Initial Guesses for Finite Maneuver Optimization
The solution of finite-maneuver optimization problems using the direct transcription method requires that an initial guess or approximation for the optimization decision variables be supplied to the transcription-optimization system. Astrogator uses Legendre and Radau Pseudospectral global collocation methods (LPM and RPM), a global collocation method, for transcription, and the Sparse Nonlinear Optimizer (SNOPT) package for solving the nonlinear programming problem (NLP) that results from this transcription. Following LPM and RPM, the decision variables are the orbit states and the control functions (thrust attitude by spherical angles or unit vectors) at a set of nodes, and this set may also include the maneuver start/end time(s). Accordingly, an initial guess must be provided to the transcription solver for state-control functions sampled at these nodes. If the initial/final time of the maneuver is free, a guess for this epoch must also be provided. In Astrogator, a user can either import a pre-generated initial guess in the form of an Initial Guess File, or use an existing finite maneuver, as a source for the initial guess. Accordingly, Astrogator offers the following two methods of "seeding" an optimal finite maneuver:
- an Initial Guess File (*.nod), and,
- a finite maneuver
After an initial guess has been provided to Astrogator at a set of generic points following either of the above mechanisms, the "raw" guess data is internally resampled/interpolated at the quadrature nodes (e.g. the Legendre-Gauss-Lobatto nodes for LPM and Legendre-Gauss-Radau nodes for RPM) before numerical optimization is initiated.
The quality of an initial guess is critical in determining the convergence performance of a gradient-based numerical optimization library such as SNOPT. A "good" initial guess is one which is "close" to a locally optimum solution of the problem under consideration, and/or is near-feasible. See references [1, 2, 3] for details.

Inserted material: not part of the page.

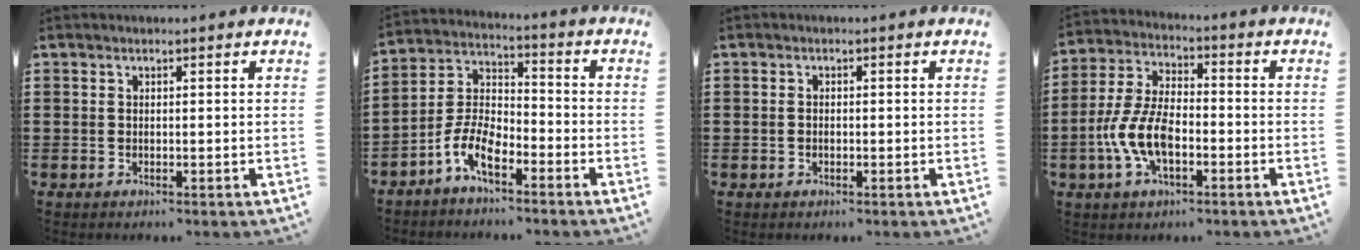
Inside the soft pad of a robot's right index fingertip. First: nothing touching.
{"total": 7.6, "force": [-4.9, 3.1, 4.9], "torque": [-0.126, -0.001, -0.100]}
{"total": 0.6, "force": [-0.2, 0.4, 0.4], "torque": [-0.010, 0.001, -0.004]}
{"total": 8.8, "force": [-3.2, 4.3, 6.9], "torque": [-0.172, -0.003, -0.068]}
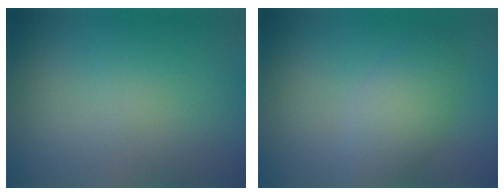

[1] Bruce Conway, ed., Spacecraft Trajectory Optimization. Cambridge University Press, Cambridge, England, U.K., 2010., Chap. 1
[2] John T. Betts., Practical Methods for Optimal Control and Estimation Using Nonlinear Programming. Society for Industrial & Applied Mathematics; 2nd edition., 2009., Chaps.1–3.
[3] Jorge Nocedal and Stephen Wright., Numerical Optimization. Springer 2nd edition., 2006.